A Rigorous, Tractable Measure of Model Complexity
Oskar Allerbo, Thomas B. Sch\"on

TL;DR
This paper introduces a new, mathematically rigorous, and computationally efficient measure of model complexity based on gradient similarities, applicable to a wide range of models.
Contribution
It proposes a novel complexity measure that generalizes existing model-specific measures and provides insights into phenomena like double descent across various models.
Findings
The measure is well-defined for parametric and kernel-based models.
It generalizes polynomial degree, kernel length scale, and other complexity metrics.
Provides new understanding of double descent in different models.
Abstract
An accurate assessment of a model's complexity is crucial for topics such as interpretation, generalization, and model selection. However, most existing complexity measures either rely on heuristic assumptions or are computationally prohibitive. In this paper, we present a mathematically rigorous yet easy-to-compute measure of model complexity that is based on the similarities between the model gradients across inputs.
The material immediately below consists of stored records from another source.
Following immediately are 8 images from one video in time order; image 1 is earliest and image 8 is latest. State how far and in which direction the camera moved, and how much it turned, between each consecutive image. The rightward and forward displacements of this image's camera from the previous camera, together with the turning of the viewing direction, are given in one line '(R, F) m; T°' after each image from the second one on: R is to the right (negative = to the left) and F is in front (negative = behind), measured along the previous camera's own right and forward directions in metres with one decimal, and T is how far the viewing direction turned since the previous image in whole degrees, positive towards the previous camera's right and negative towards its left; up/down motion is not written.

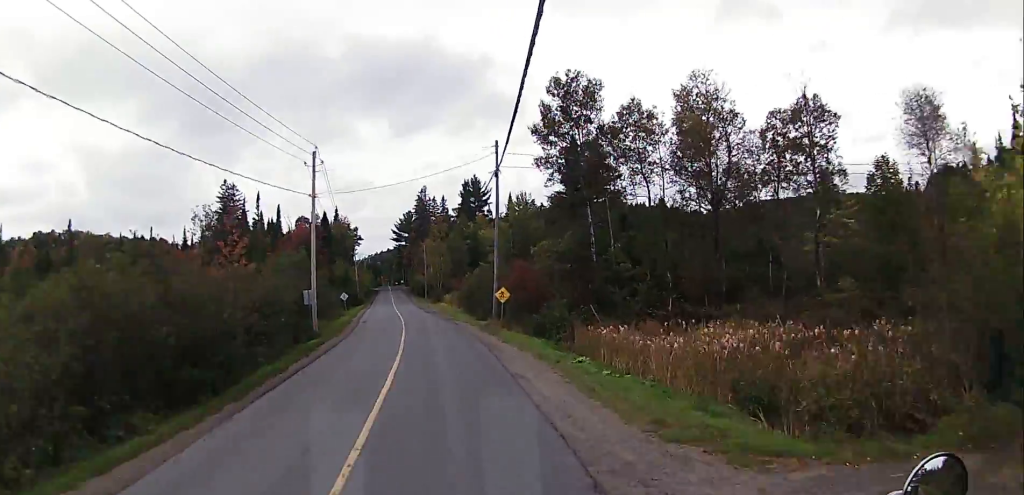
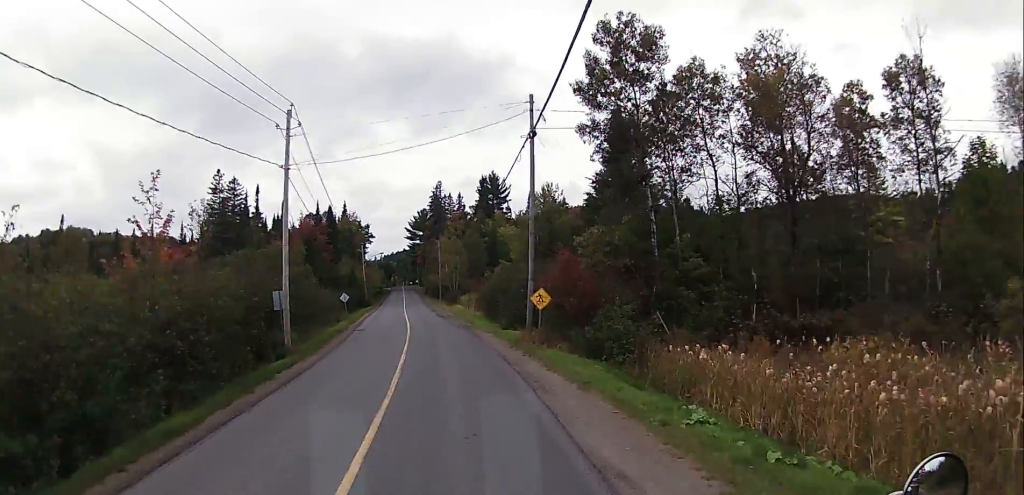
(+0.1, +9.3) m; 0°
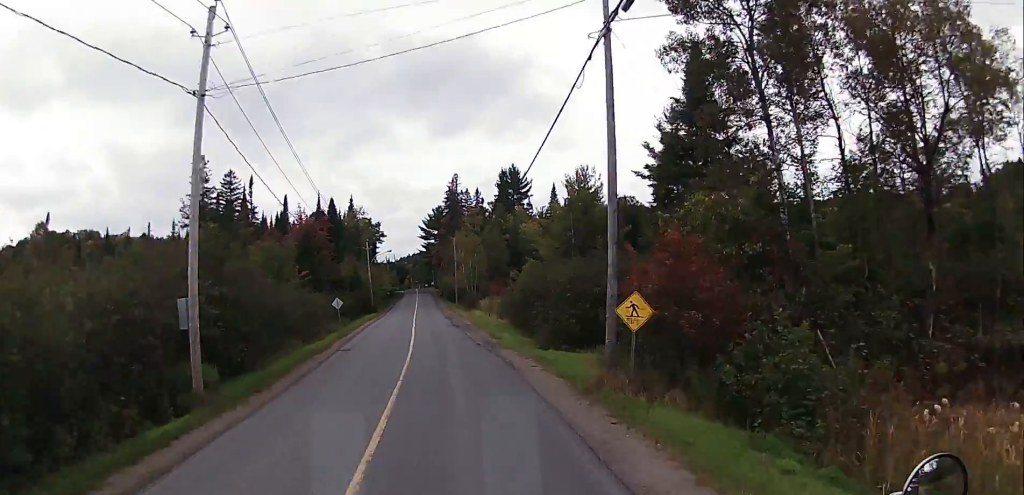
(0.0, +11.4) m; -1°
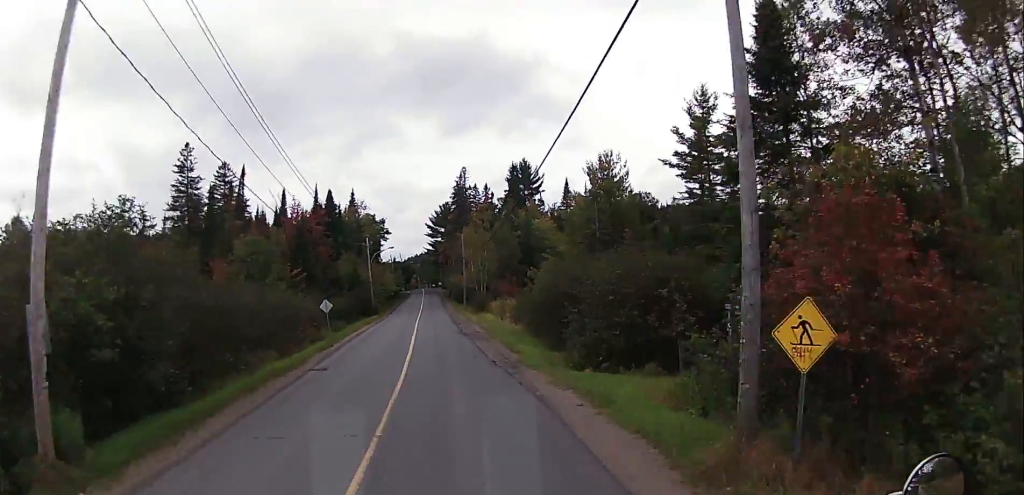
(-0.1, +6.9) m; -1°
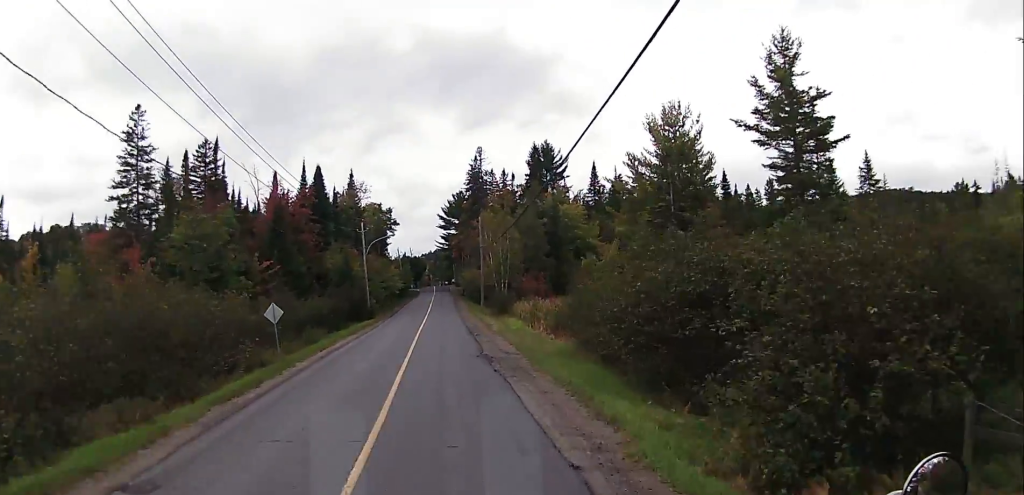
(-0.1, +14.7) m; -2°
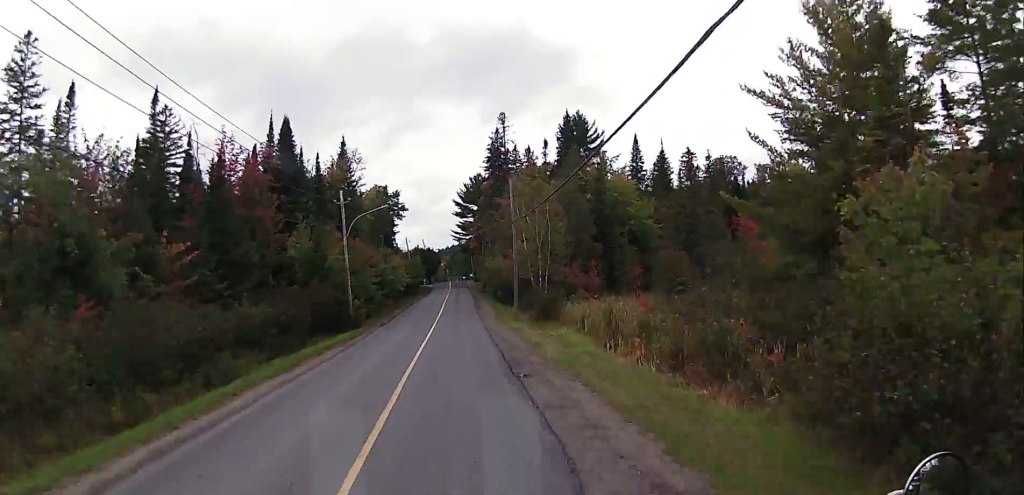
(-0.5, +19.2) m; -1°
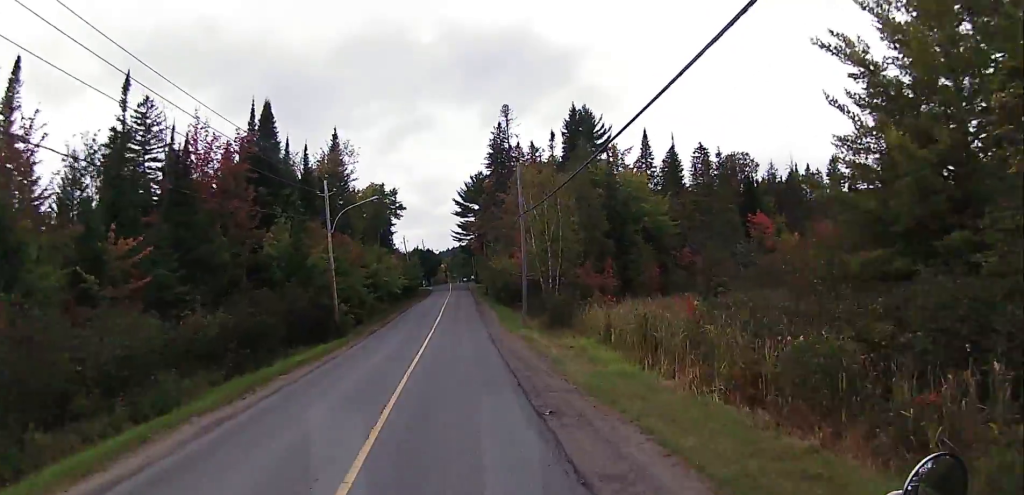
(0.0, +5.3) m; 0°
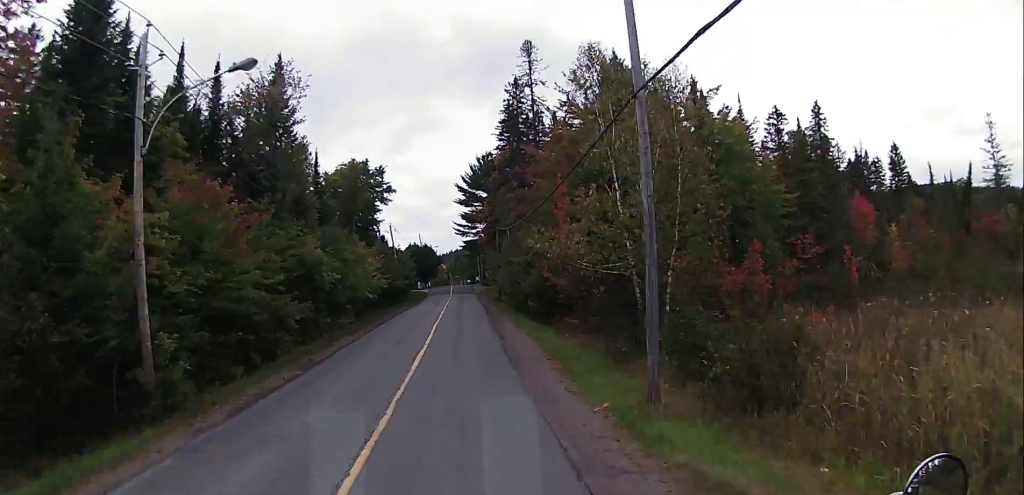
(0.0, +23.6) m; 0°
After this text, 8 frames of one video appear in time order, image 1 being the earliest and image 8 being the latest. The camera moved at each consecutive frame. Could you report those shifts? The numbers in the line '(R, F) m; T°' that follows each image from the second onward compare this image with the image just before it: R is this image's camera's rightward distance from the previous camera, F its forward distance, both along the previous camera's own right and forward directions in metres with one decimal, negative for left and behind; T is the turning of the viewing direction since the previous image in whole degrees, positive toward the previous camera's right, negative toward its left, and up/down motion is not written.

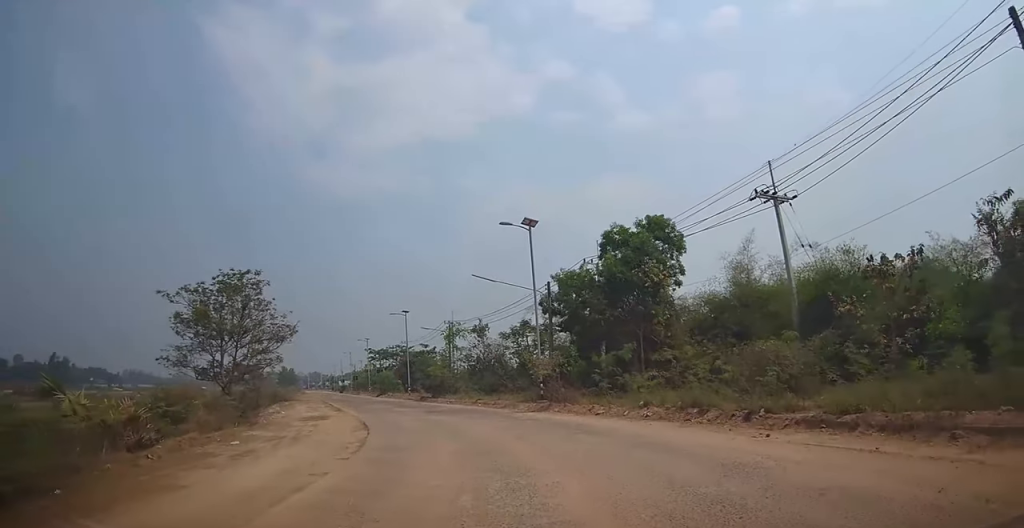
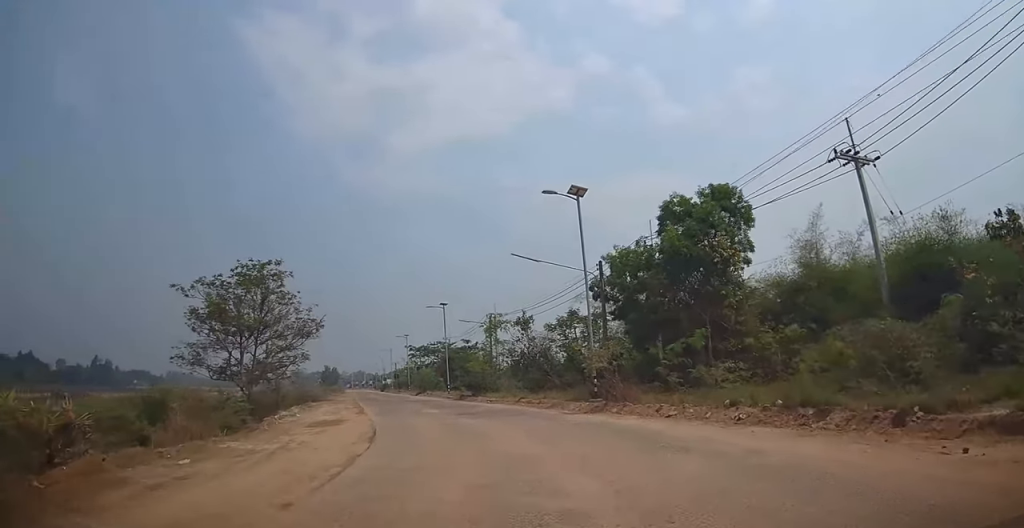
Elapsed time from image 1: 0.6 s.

It is thus well-defined for any parametric model, but also for kernel-based non-parametric models. We prove that our measure of complexity generalizes model-specific complexity measures such as polynomial degree (for polynomial regression), kernel length scale (for Mat\'ern kernels), number of neighbors (for k-nearest neighbors), number of splits (for decision trees), and number of trees (for random forests). We also use our measure to obtain new insights into the double…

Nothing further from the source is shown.